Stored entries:

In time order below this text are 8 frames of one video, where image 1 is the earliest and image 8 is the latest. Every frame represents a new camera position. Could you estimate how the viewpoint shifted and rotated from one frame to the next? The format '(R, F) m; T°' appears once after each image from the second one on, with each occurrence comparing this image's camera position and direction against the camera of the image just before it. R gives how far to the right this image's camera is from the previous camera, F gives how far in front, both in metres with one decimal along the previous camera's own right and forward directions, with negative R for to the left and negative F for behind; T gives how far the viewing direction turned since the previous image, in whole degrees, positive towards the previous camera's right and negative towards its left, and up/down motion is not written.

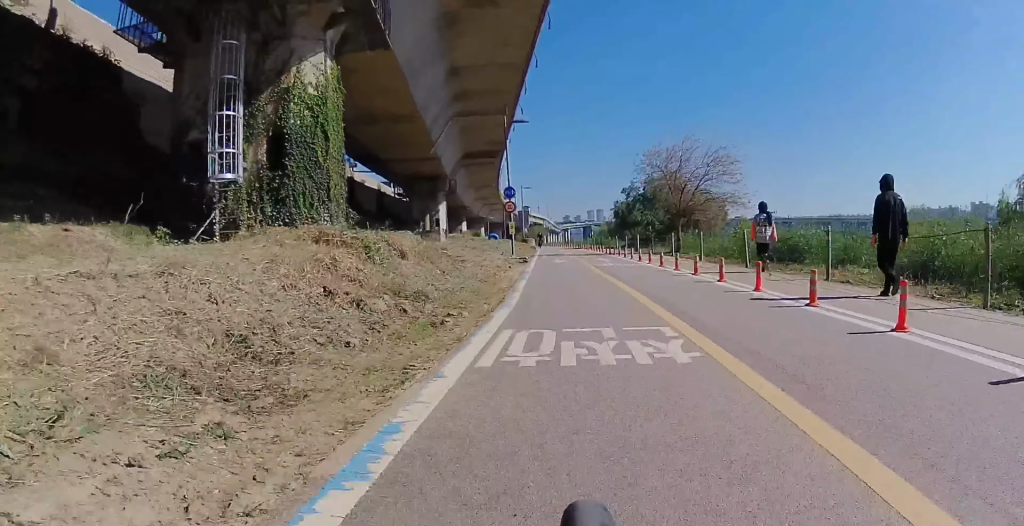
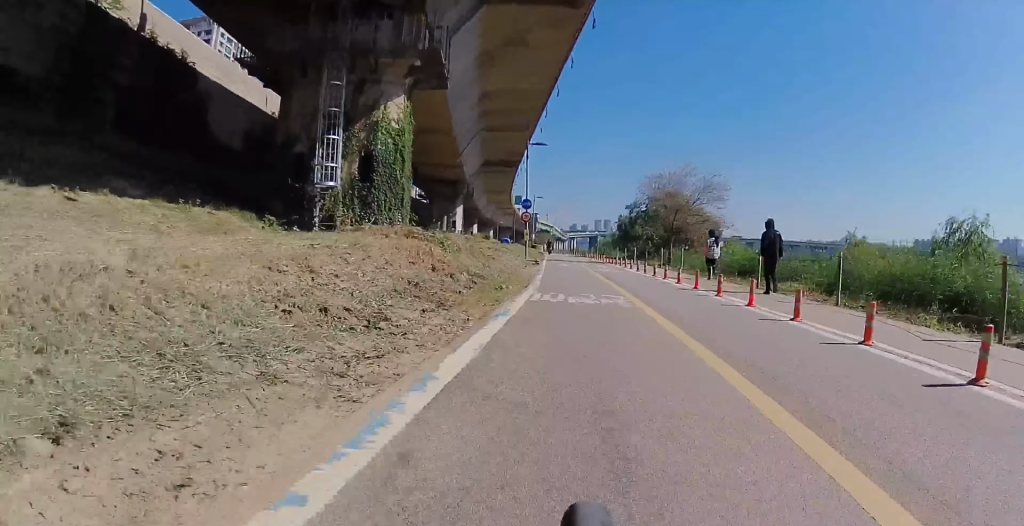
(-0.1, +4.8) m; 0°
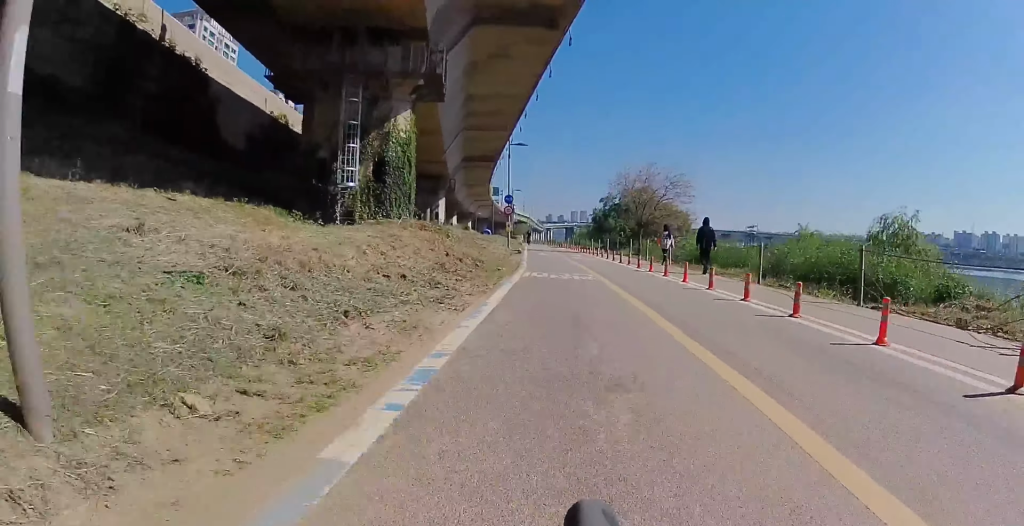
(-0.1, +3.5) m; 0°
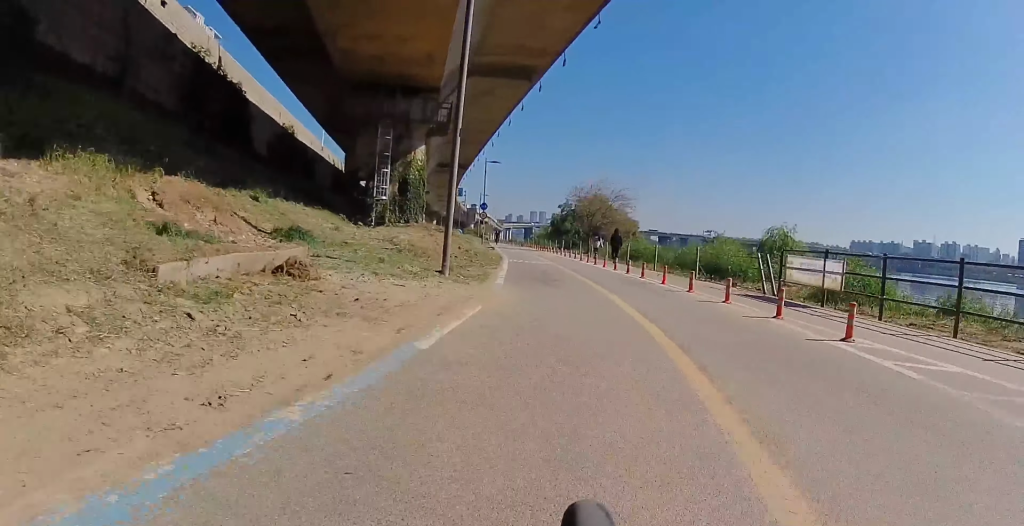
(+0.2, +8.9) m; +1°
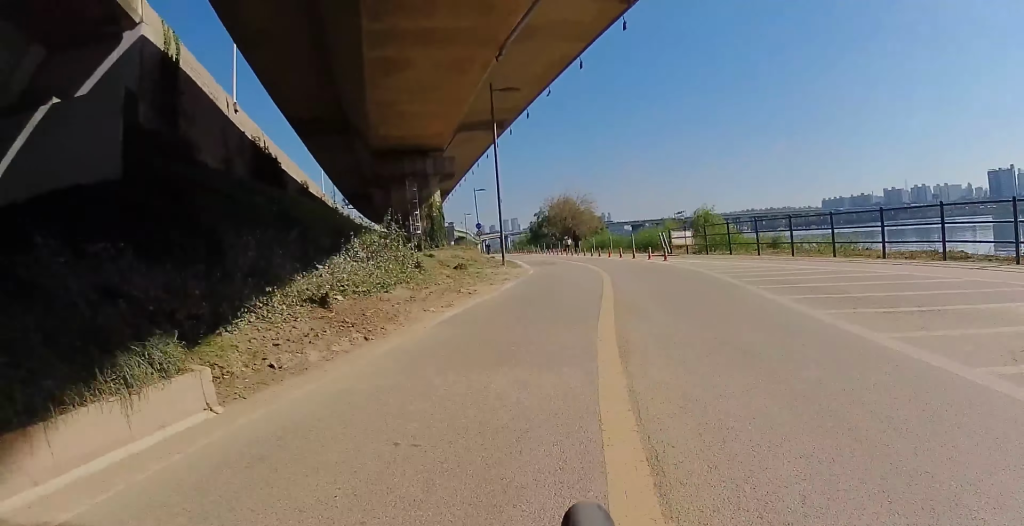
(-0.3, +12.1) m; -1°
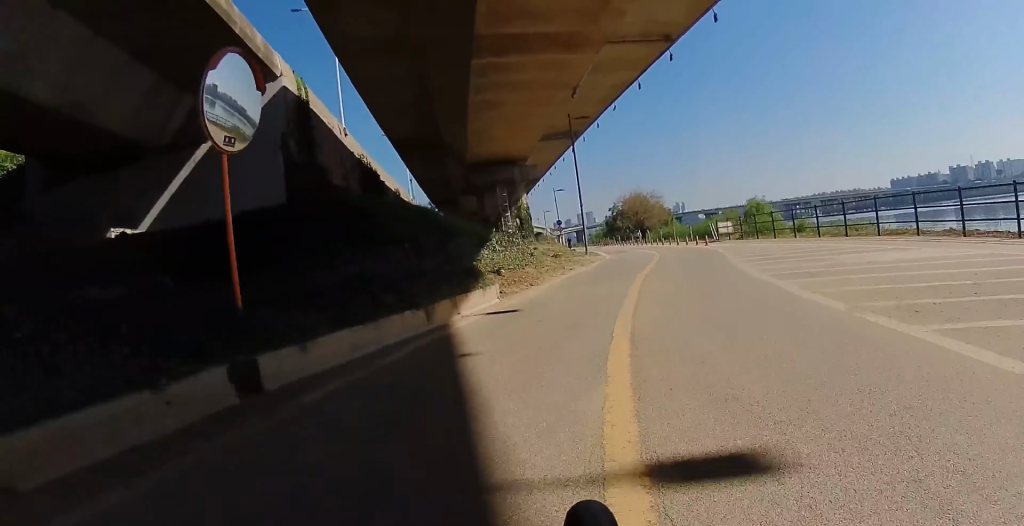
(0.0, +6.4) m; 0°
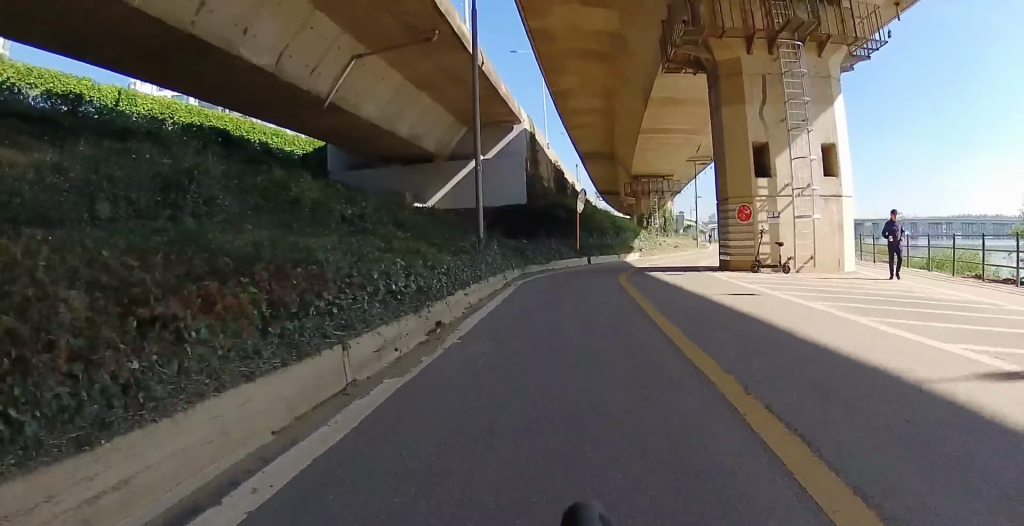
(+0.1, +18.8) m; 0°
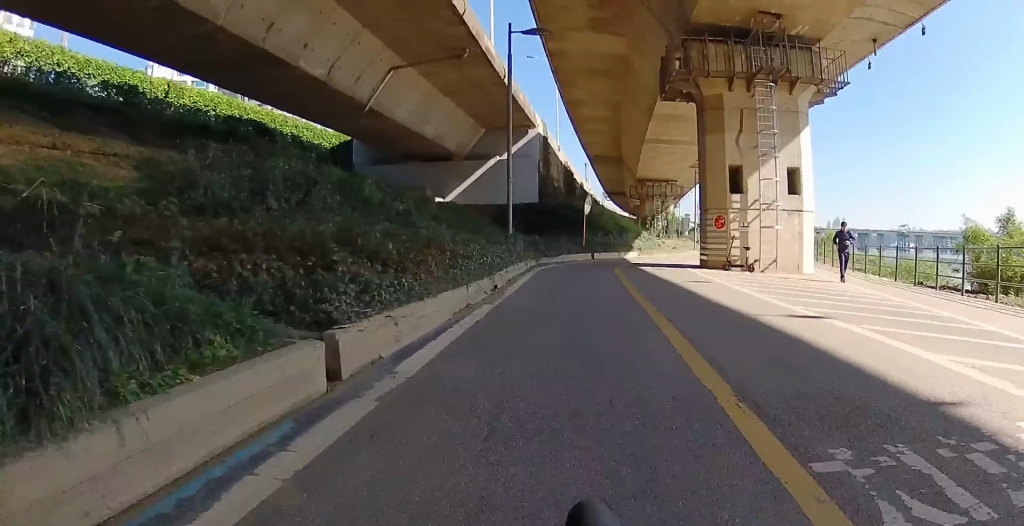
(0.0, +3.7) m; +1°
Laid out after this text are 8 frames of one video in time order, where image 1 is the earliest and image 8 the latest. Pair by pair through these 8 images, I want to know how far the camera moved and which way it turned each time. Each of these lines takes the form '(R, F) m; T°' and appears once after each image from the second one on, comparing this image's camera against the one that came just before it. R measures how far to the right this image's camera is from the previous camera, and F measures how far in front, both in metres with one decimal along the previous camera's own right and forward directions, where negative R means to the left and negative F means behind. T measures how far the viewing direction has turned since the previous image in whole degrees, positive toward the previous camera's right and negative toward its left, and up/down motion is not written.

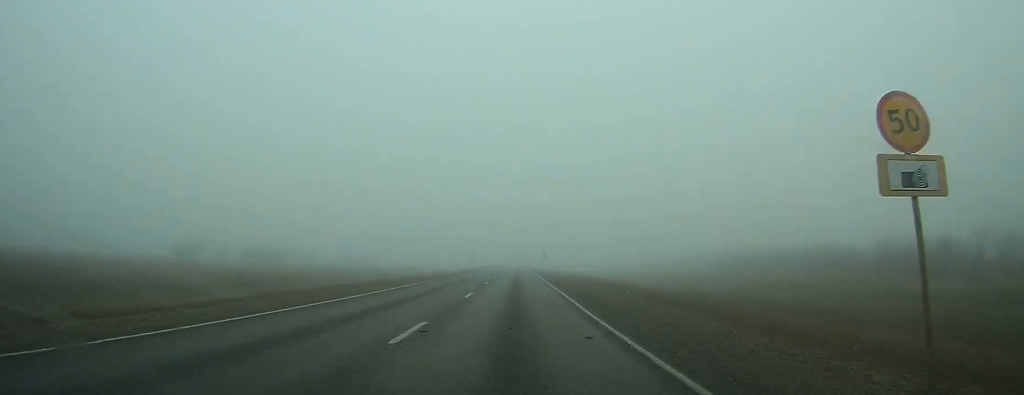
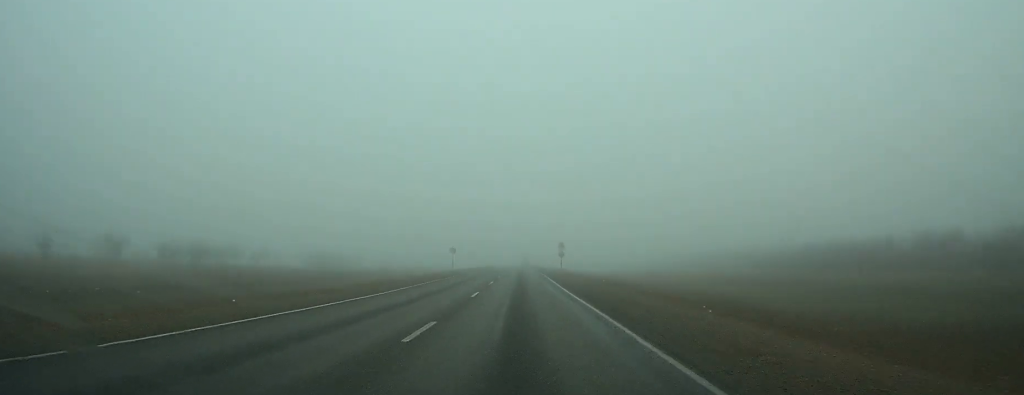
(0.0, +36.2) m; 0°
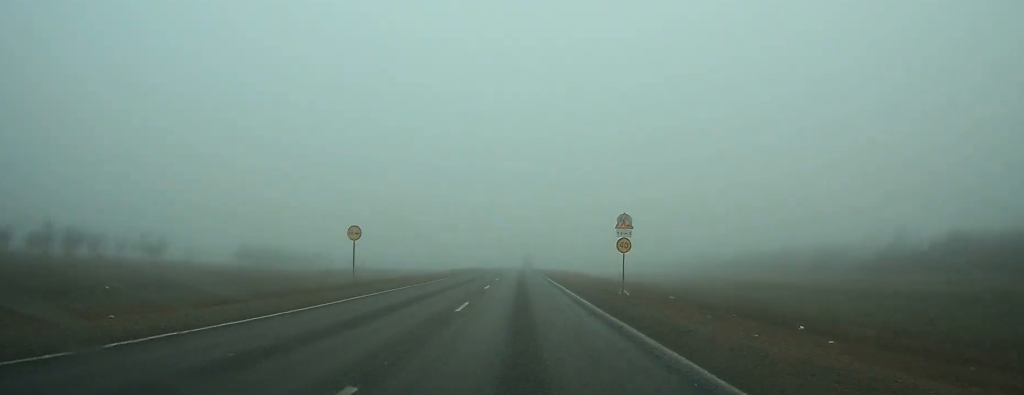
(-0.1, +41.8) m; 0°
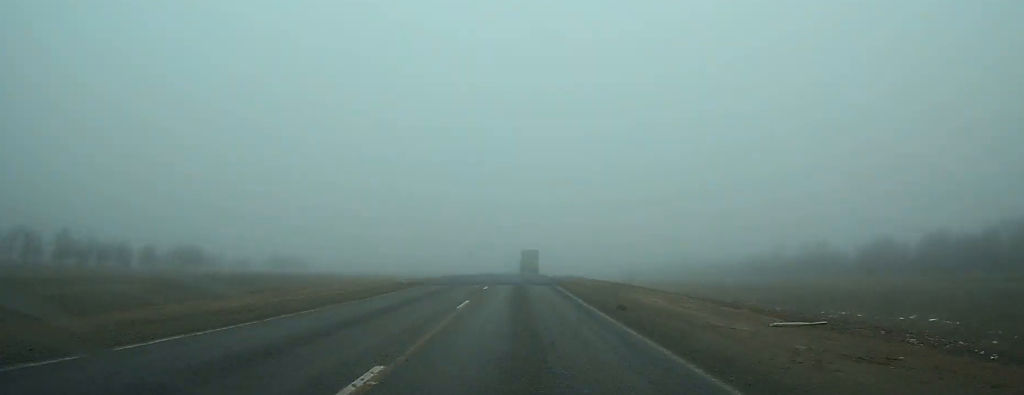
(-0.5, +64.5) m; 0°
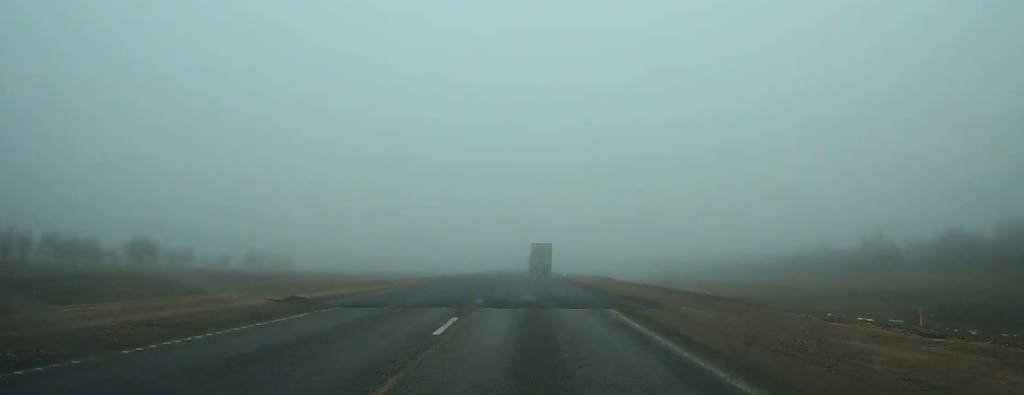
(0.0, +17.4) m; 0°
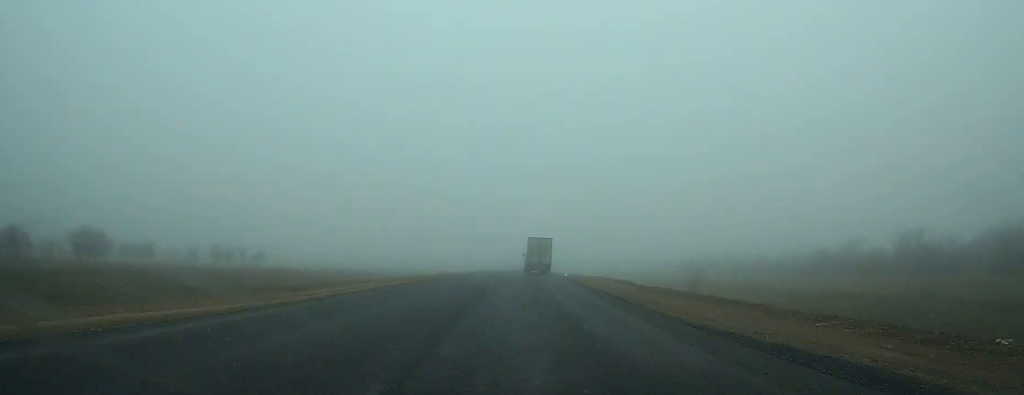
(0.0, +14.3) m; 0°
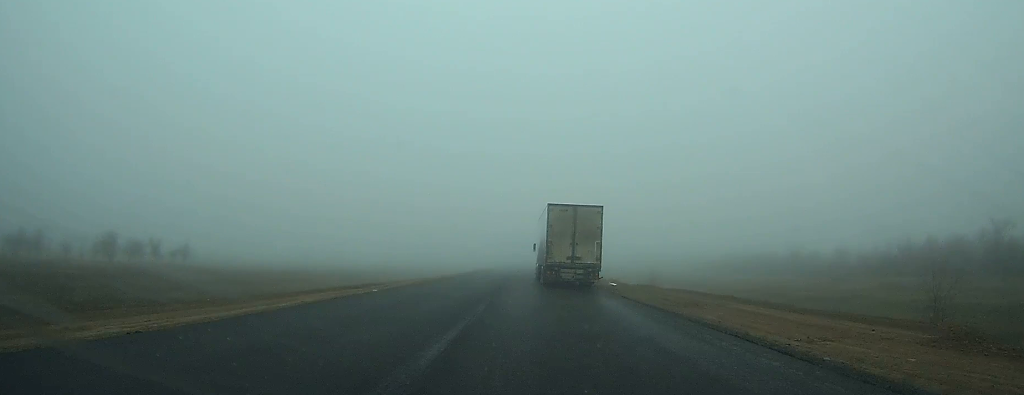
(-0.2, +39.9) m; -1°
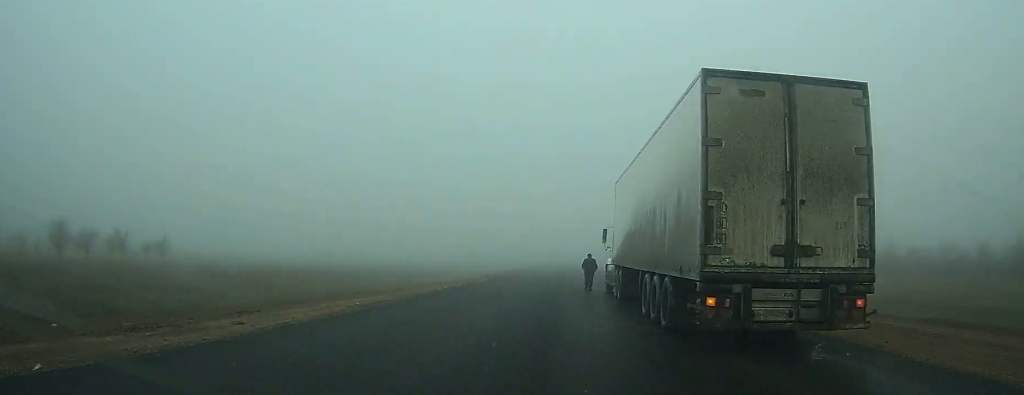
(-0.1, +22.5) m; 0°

Prompt:
Reproduce all the data as it stands. The pictures are not part of the copy.

Answer to the problem:
In time order below this text are 8 frames of one video, where image 1 is the earliest and image 8 is the latest. Every frame represents a new camera position. Could you estimate how the viewpoint shifted and rotated from one frame to the next? The format '(R, F) m; T°' appears once after each image from the second one on, with each occurrence comparing this image's camera position and direction against the camera of the image just before it. R gives how far to the right this image's camera is from the previous camera, F gives how far in front, both in metres with one decimal along the previous camera's own right and forward directions, with negative R for to the left and negative F for behind; T gives how far the viewing direction turned since the previous image, in whole degrees, positive towards the previous camera's right and negative towards its left, and up/down motion is not written.

(-0.1, +4.8) m; 0°
(-0.1, +3.5) m; 0°
(+0.2, +8.9) m; +1°
(-0.3, +12.1) m; -1°
(0.0, +6.4) m; 0°
(+0.1, +18.8) m; 0°
(0.0, +3.7) m; +1°
Laid out after this text are 8 frames of one video in time order, where image 1 is the earliest and image 8 the latest. Pair by pair through these 8 images, I want to know how far the camera moved and which way it turned each time. Each of these lines takes the form '(R, F) m; T°' and appears once after each image from the second one on, comparing this image's camera against the one that came just before it. R measures how far to the right this image's camera is from the previous camera, and F measures how far in front, both in metres with one decimal along the previous camera's own right and forward directions, where negative R means to the left and negative F means behind. T measures how far the viewing direction has turned since the previous image in whole degrees, positive toward the previous camera's right and negative toward its left, and up/down motion is not written.

(0.0, +36.2) m; 0°
(-0.1, +41.8) m; 0°
(-0.5, +64.5) m; 0°
(0.0, +17.4) m; 0°
(0.0, +14.3) m; 0°
(-0.2, +39.9) m; -1°
(-0.1, +22.5) m; 0°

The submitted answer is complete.